In his speech, he acknowledged Margaret Atwood, who was in the audience and was celebrating her 80th birthday.

"Margaret Atwood, [hers] was the first book that I bought with my own money, at a bookstore in Brampton. And I bought that book because I had good public school teachers who pushed poetry on us," he said.

Williams also acknowledged his family, his mother, church communities, black communities and the Rabinovitch family. Jack Rabinovitch founded the prize in honour of his late wife Doris Giller in 1994. Rabinovitch died in 2017 at the age of 87.
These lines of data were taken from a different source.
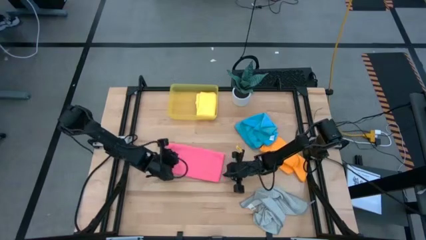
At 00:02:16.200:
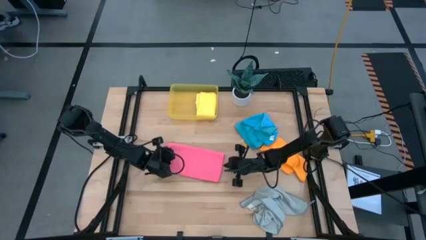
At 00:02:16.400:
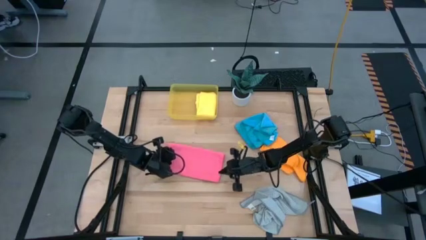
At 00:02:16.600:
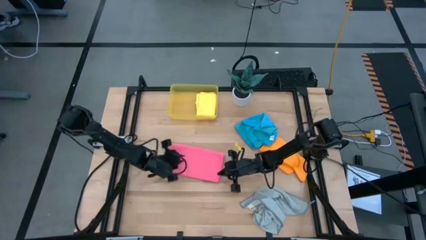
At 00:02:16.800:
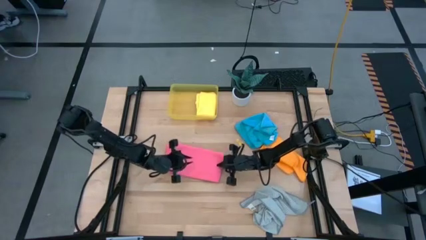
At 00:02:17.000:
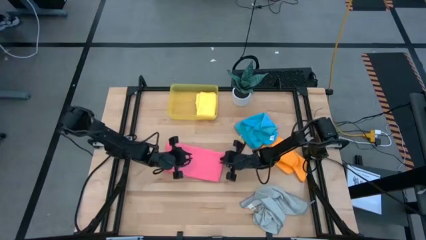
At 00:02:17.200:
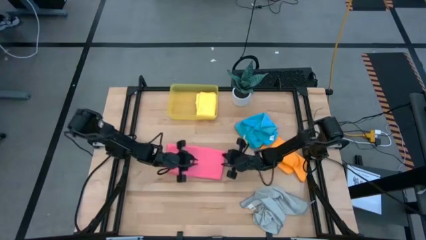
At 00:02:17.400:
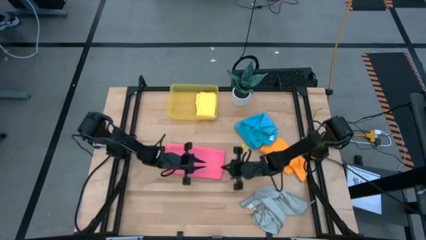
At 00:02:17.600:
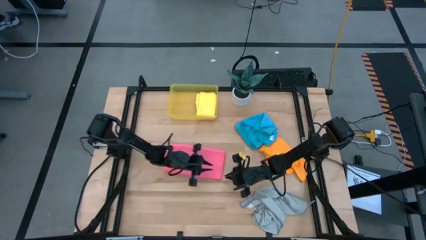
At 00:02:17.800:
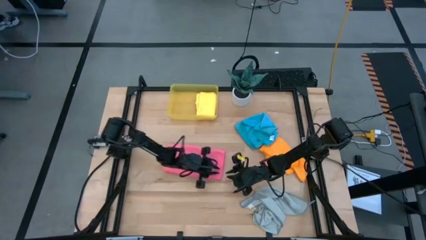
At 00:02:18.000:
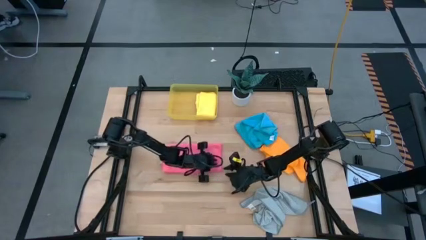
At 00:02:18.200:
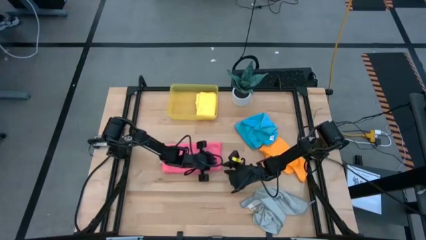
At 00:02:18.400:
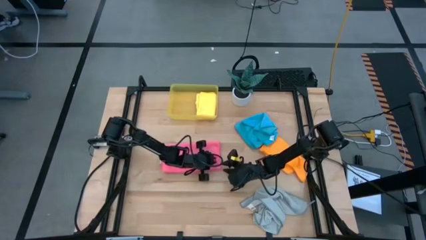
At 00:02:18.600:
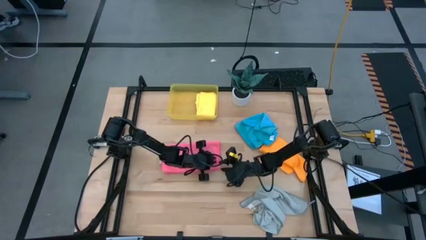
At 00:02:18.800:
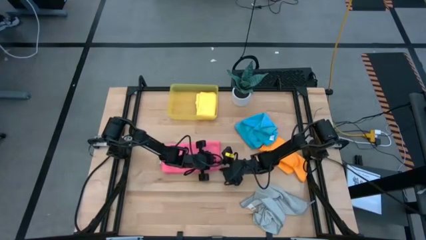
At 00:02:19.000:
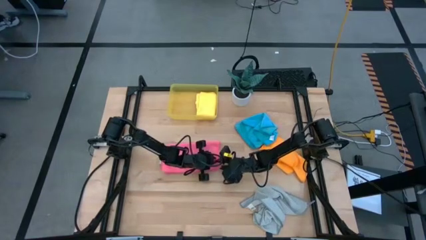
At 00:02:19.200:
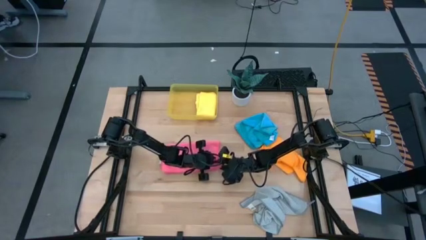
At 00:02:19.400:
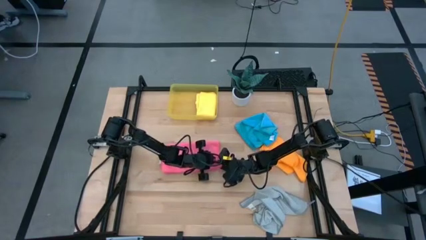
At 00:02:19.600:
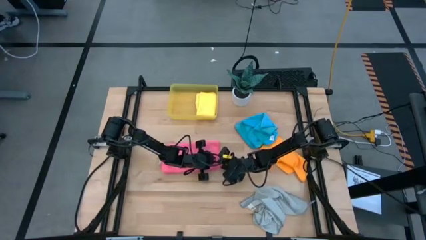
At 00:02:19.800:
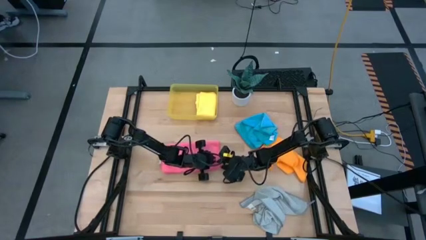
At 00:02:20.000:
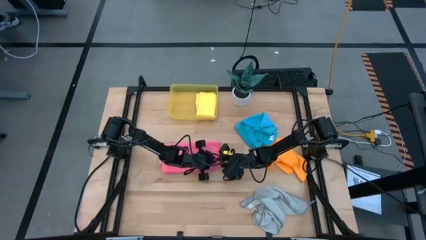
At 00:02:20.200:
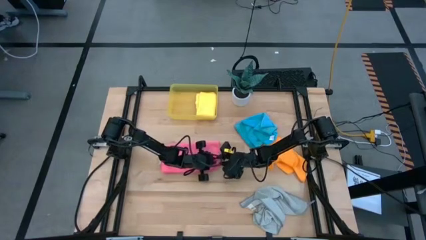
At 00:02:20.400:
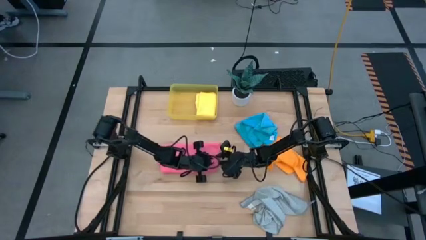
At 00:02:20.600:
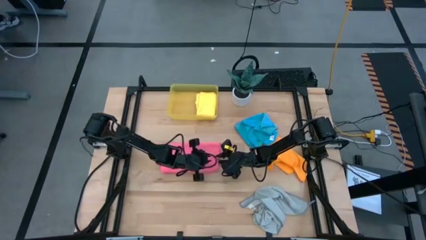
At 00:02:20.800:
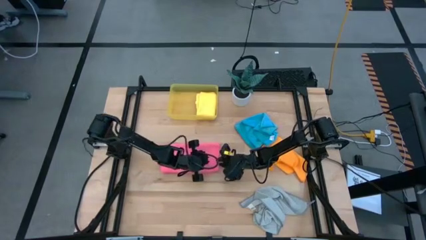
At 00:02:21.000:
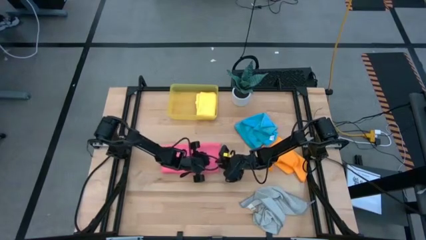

"There's been a lot of talk about the evil of capitalism, but every once in awhile we find people like [the late] Jack Rabinovitch," Williams said. "People who can work within the system to do things that follow the passion of things they love."

"I feel disembodied right now," Williams told CBC Books after the ceremony. "I didn't think I'd be in this position at the beginning of the night. I thought I'd go and eat my sorrows and then it would pass. But it didn't turn out that way, and I'm puzzled."

"I don't see myself getting over it for a good, long time."

The 2019 jury panel was comprised of Donna Bailey Nurse, Randy Boyagoda, José Teodoro, Aminatta Forna and Aleksandar Hemon.

Williams was presented with the $100,000 award by Elana Rabinovitch, the daughter of Jack Rabinovitch, and Scotiabank's executive vice president and chief marketing officer John Doig.

Williams is already looking toward his next project. "The next book is a poetry collection and the book after that is going to be a novel. I'm going to keep writing books, and this frees me up to do that."

Williams's fellow finalists included David Bezmozgis for Immigrant City, Megan Gail Coles for Small Game Hunting at the Local Coward Gun Club, Michael Crummey for The Innocents, Alix Ohlin for Dual Citizens and Steven Price for Lampedusa.

The 2018 winner was Esi Edugyan for novel Washington Black.

Edugyan is the partner of 2019 finalist Price.

Past Giller Prize winners include Michael Redhill for Bellevue Square, Margaret Atwood for Alias Grace, Mordecai Richler for Barney's Version, Alice Munro for Runaway, André Alexis for Fifteen Dogs and Madeleine Thien for Do Not Say We Have Nothing.